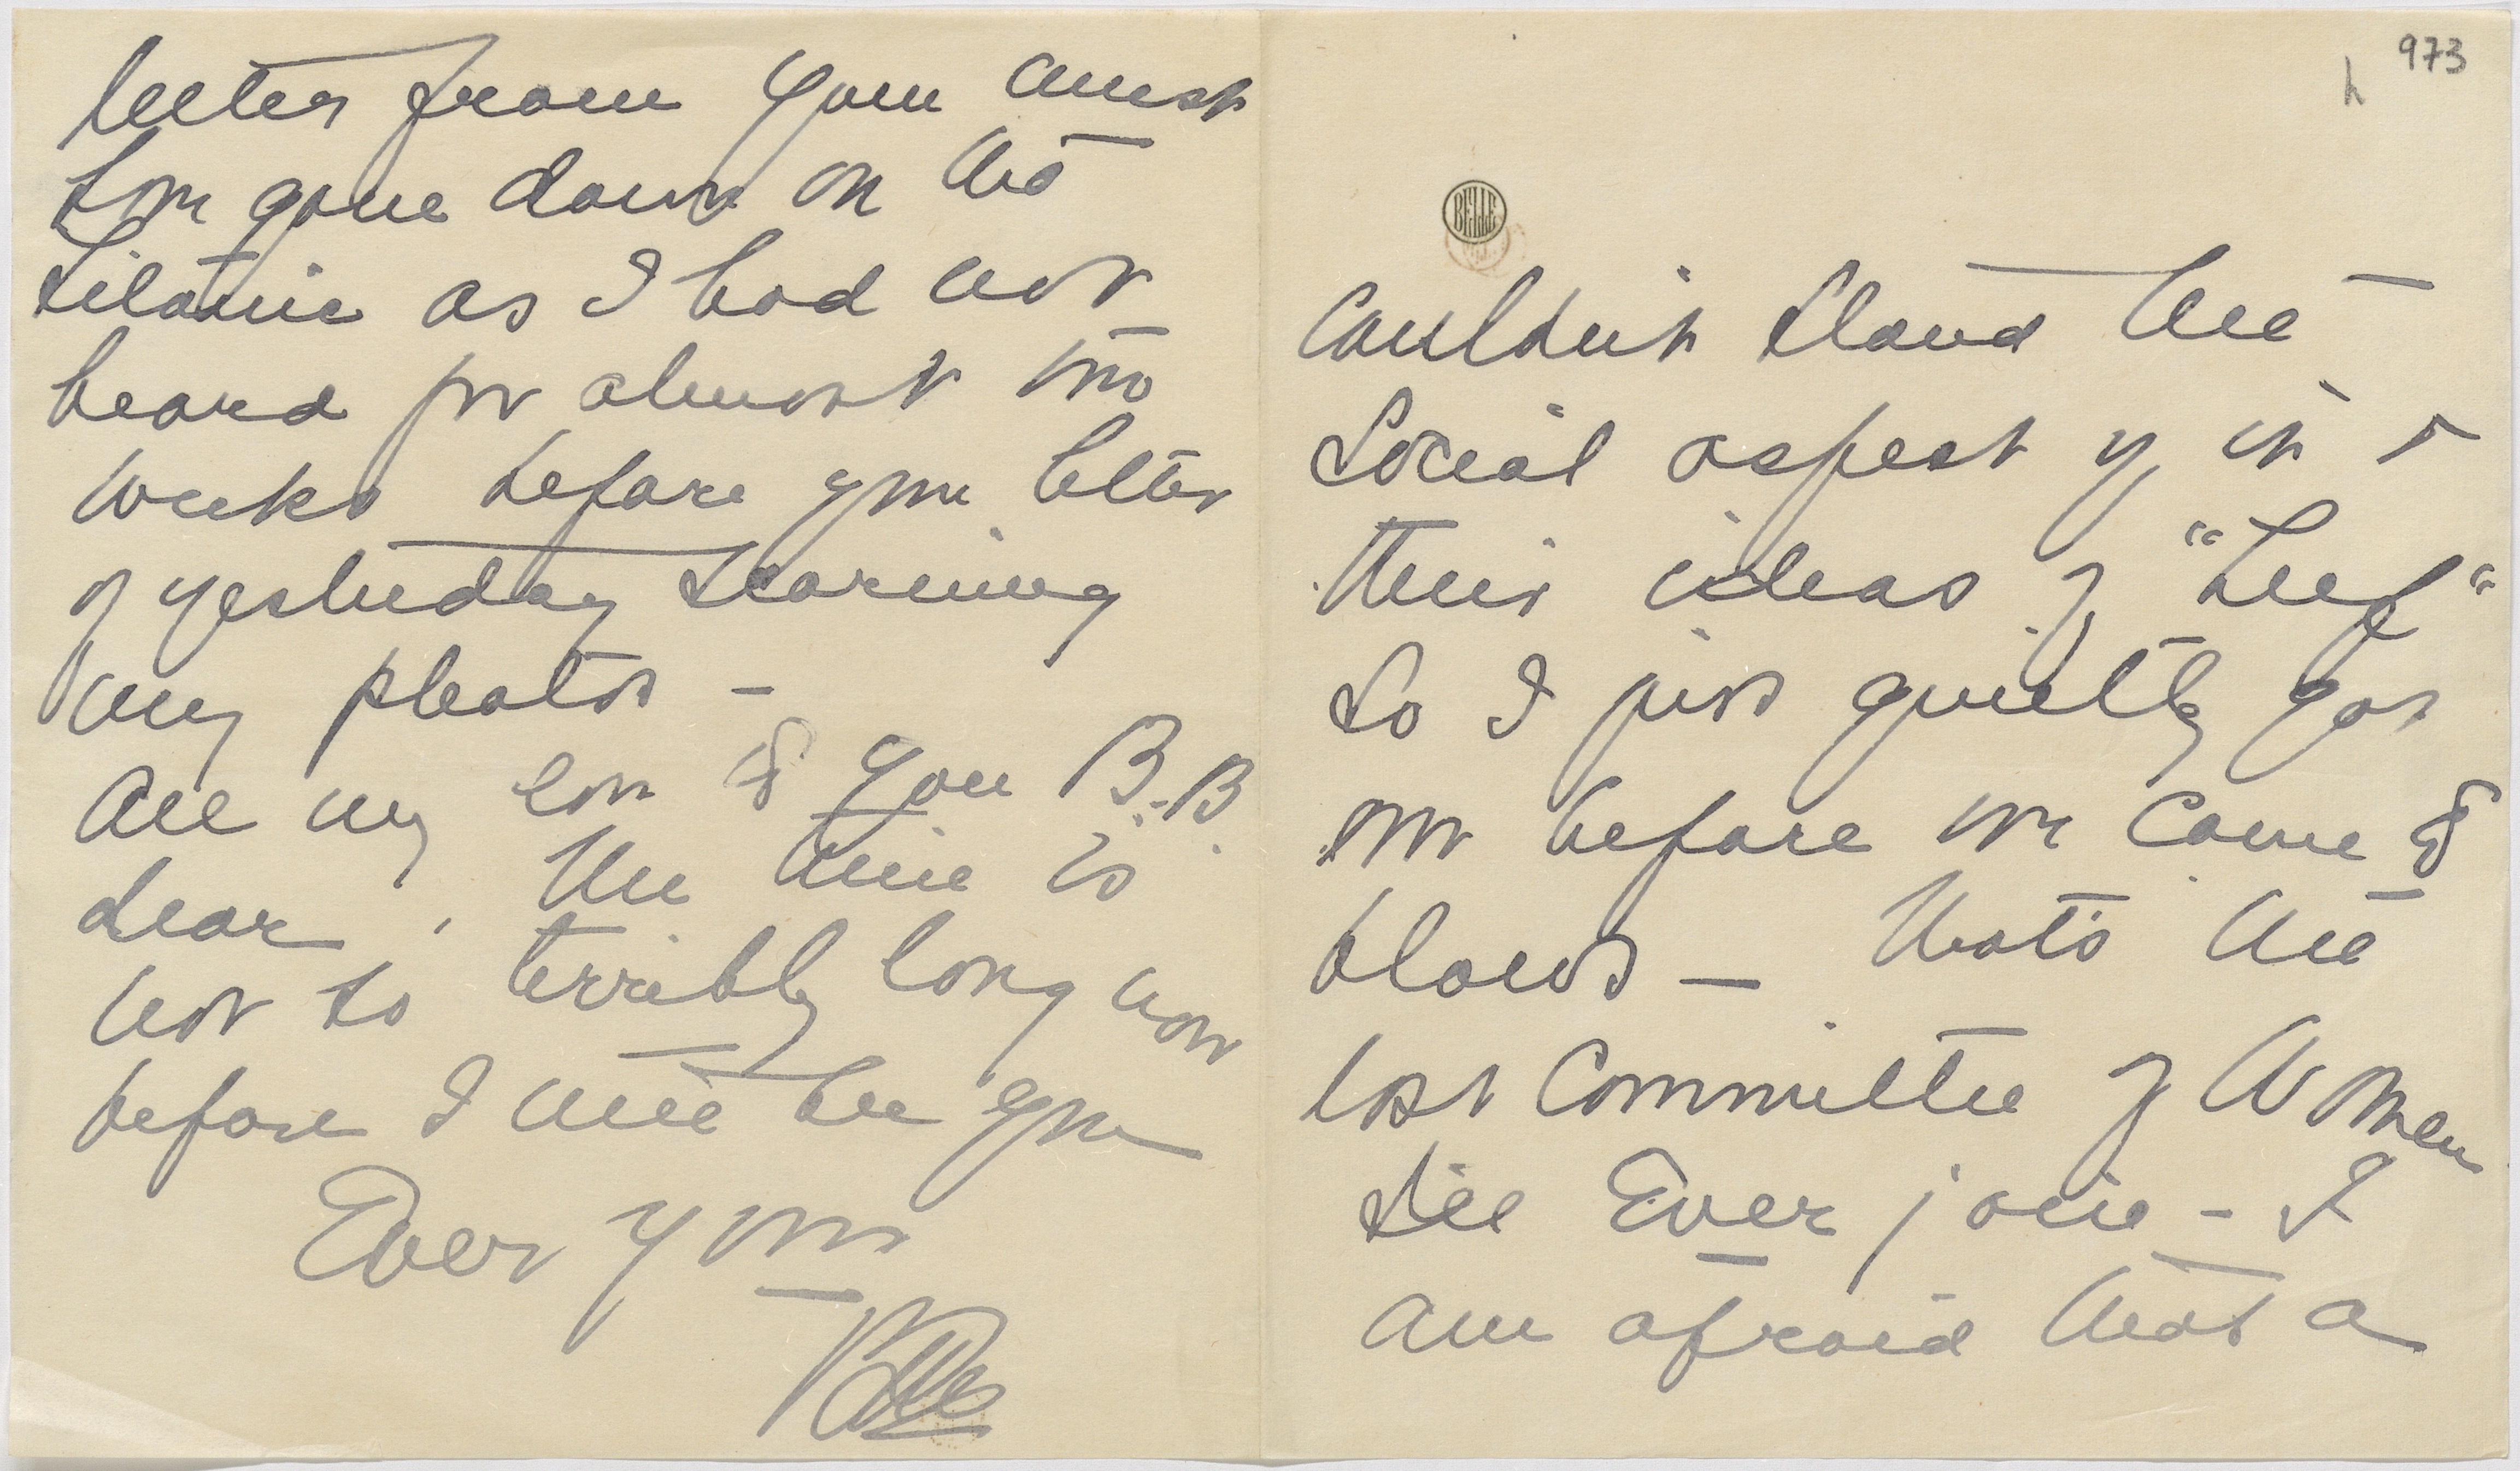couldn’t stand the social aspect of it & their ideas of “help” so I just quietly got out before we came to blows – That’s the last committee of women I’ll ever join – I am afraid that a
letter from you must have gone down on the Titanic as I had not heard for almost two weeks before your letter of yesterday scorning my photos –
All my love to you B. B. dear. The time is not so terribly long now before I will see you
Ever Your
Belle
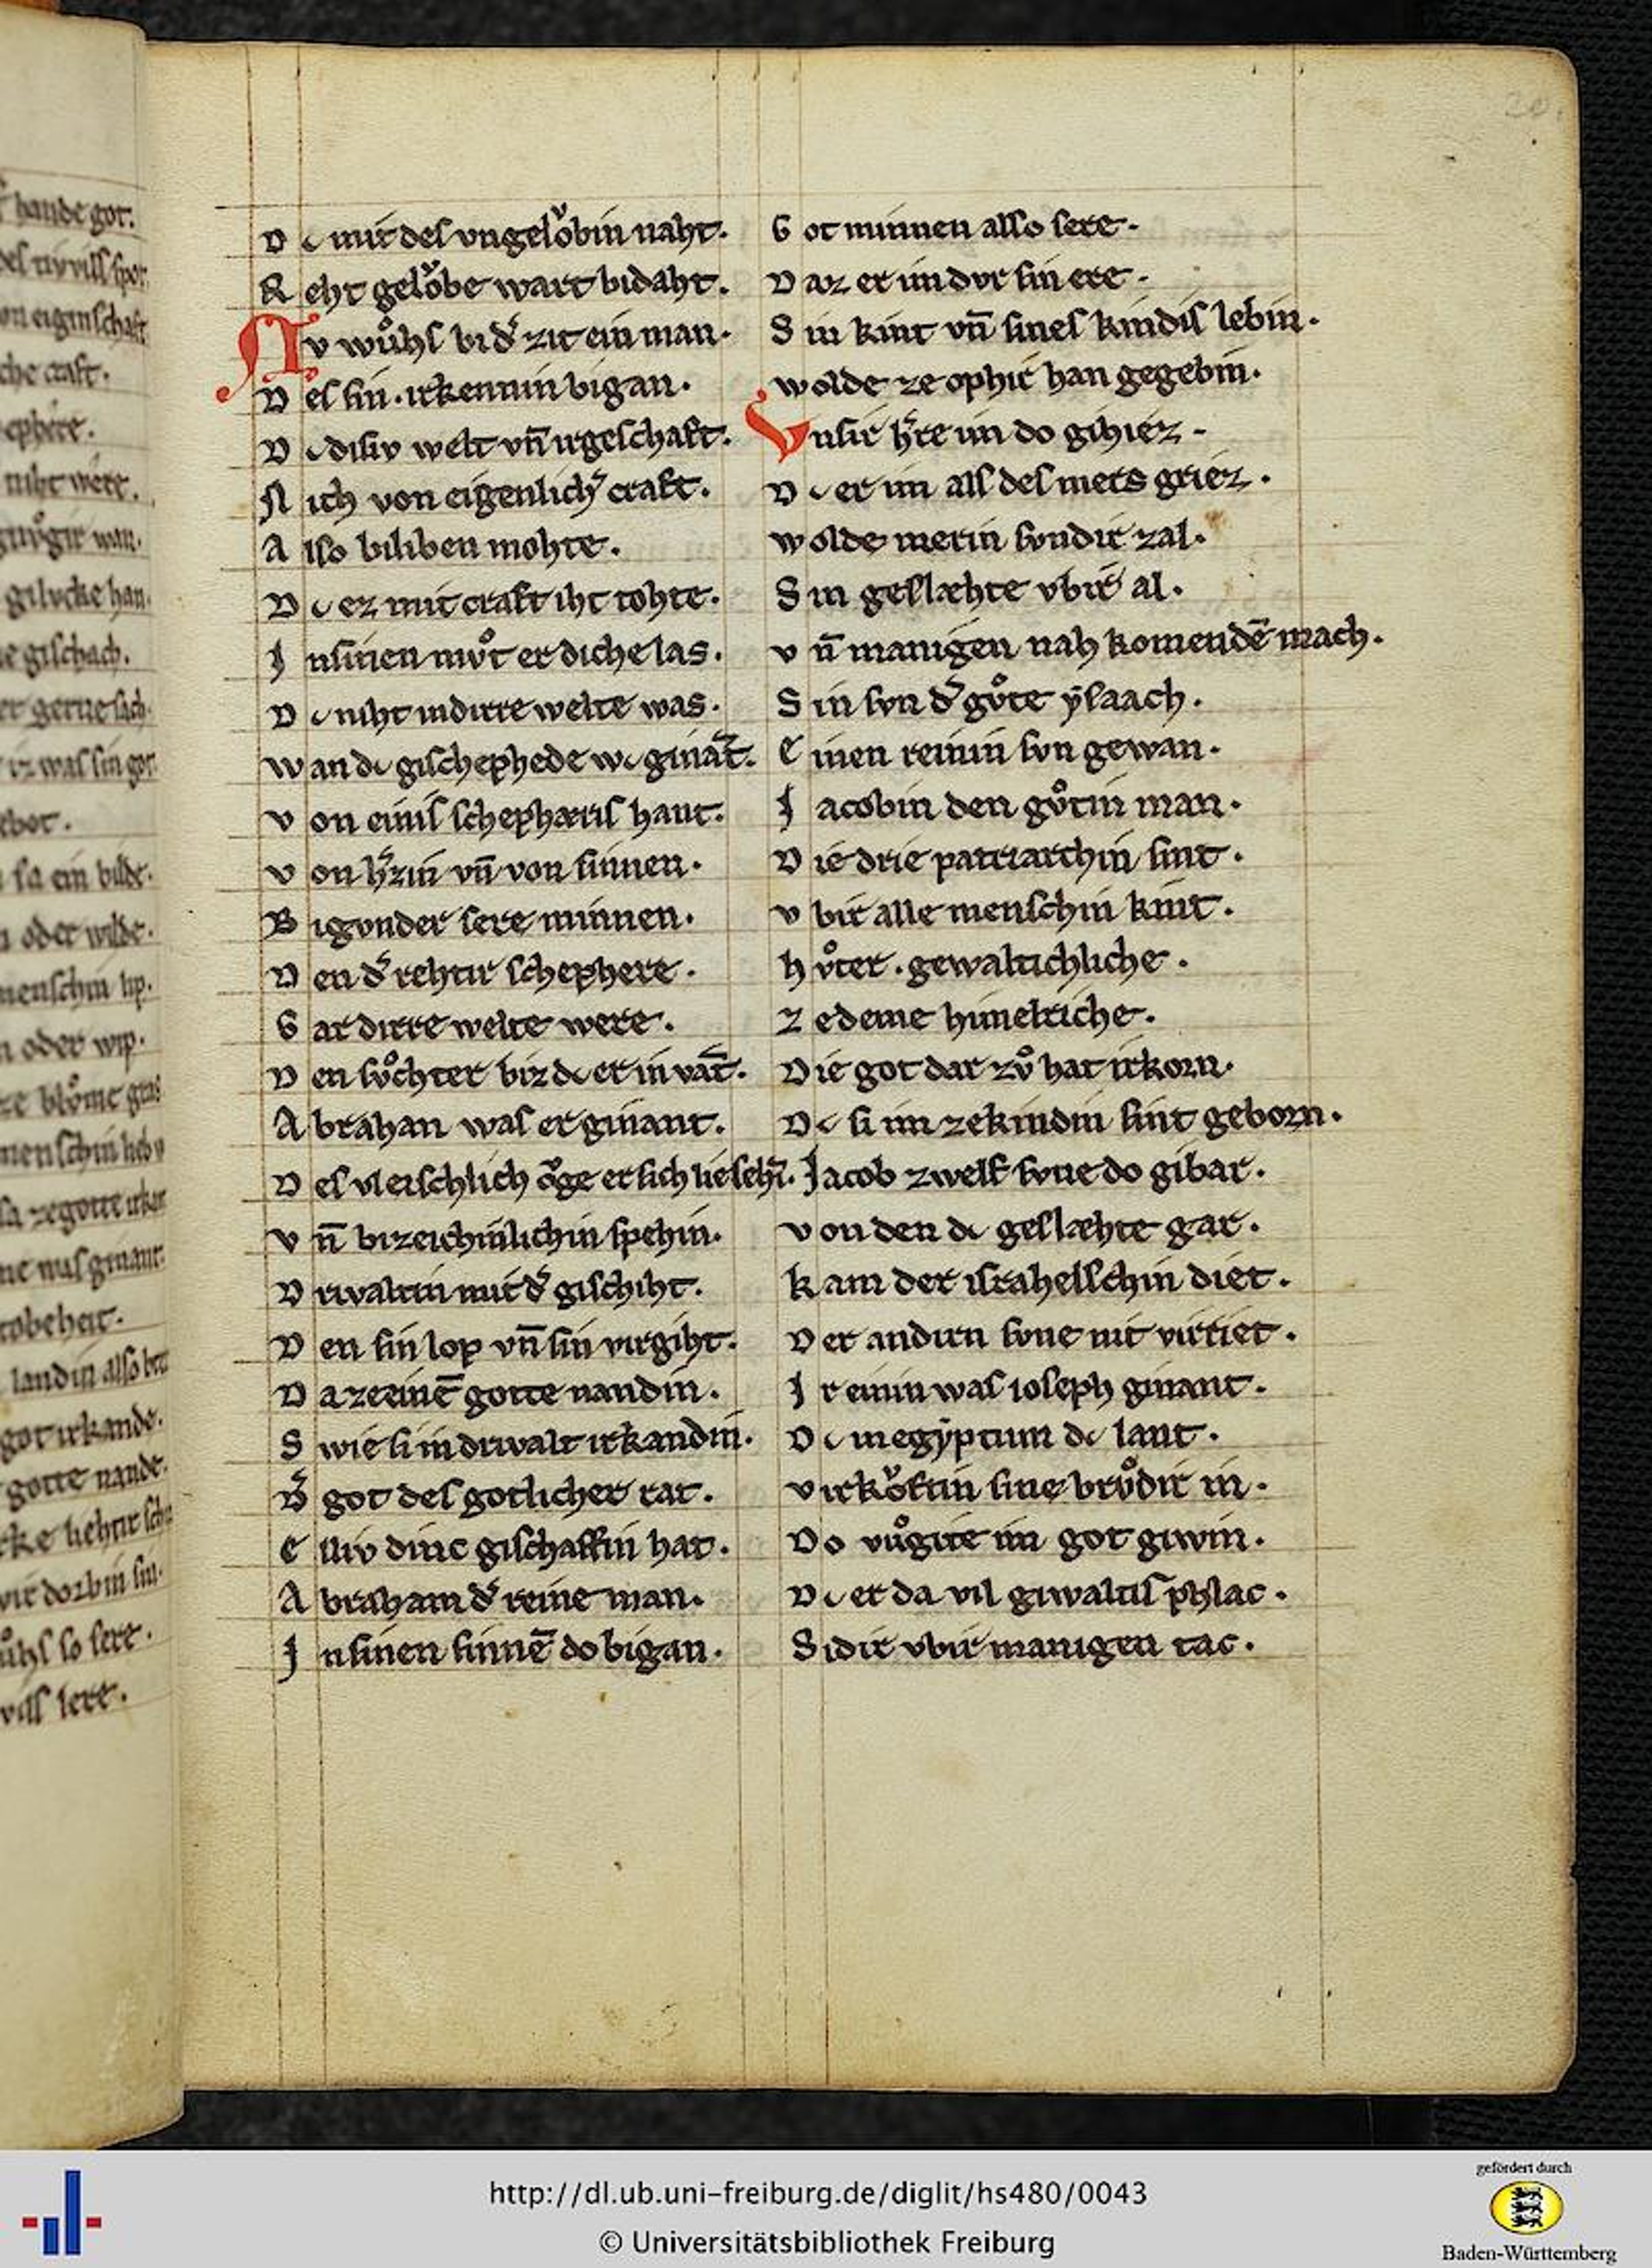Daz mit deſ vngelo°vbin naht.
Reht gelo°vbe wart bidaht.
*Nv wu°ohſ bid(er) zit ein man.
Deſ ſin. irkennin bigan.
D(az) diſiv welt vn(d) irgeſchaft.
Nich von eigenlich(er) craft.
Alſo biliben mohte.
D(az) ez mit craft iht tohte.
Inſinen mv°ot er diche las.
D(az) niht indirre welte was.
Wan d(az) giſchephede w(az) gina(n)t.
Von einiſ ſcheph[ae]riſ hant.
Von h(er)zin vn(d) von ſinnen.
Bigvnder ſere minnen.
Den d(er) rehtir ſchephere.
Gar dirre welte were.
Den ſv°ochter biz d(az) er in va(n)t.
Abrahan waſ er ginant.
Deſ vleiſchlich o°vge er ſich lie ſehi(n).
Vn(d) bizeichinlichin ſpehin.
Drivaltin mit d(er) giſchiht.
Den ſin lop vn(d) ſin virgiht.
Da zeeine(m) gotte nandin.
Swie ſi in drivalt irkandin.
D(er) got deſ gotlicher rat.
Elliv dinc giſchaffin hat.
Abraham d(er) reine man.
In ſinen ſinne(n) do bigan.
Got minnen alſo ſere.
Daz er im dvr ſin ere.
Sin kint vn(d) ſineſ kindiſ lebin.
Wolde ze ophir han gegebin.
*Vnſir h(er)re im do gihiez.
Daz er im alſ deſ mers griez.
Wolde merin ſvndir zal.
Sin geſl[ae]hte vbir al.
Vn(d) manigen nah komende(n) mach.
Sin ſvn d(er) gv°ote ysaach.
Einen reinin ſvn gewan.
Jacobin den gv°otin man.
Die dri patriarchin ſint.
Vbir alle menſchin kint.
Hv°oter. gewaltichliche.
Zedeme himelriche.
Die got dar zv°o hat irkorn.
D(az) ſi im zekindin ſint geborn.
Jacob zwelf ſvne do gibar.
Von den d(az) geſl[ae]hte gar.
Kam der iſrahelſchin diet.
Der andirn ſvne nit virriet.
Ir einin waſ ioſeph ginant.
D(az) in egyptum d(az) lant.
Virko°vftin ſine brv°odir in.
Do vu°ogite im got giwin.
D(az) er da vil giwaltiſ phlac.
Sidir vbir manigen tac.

○ ○ ○ ○ ○

Assignment: Locate the word "manigen" in the entries, and copy every line where it is found.

Task result:
Vn(d) manigen nah komende(n) mach.
Sidir vbir manigen tac.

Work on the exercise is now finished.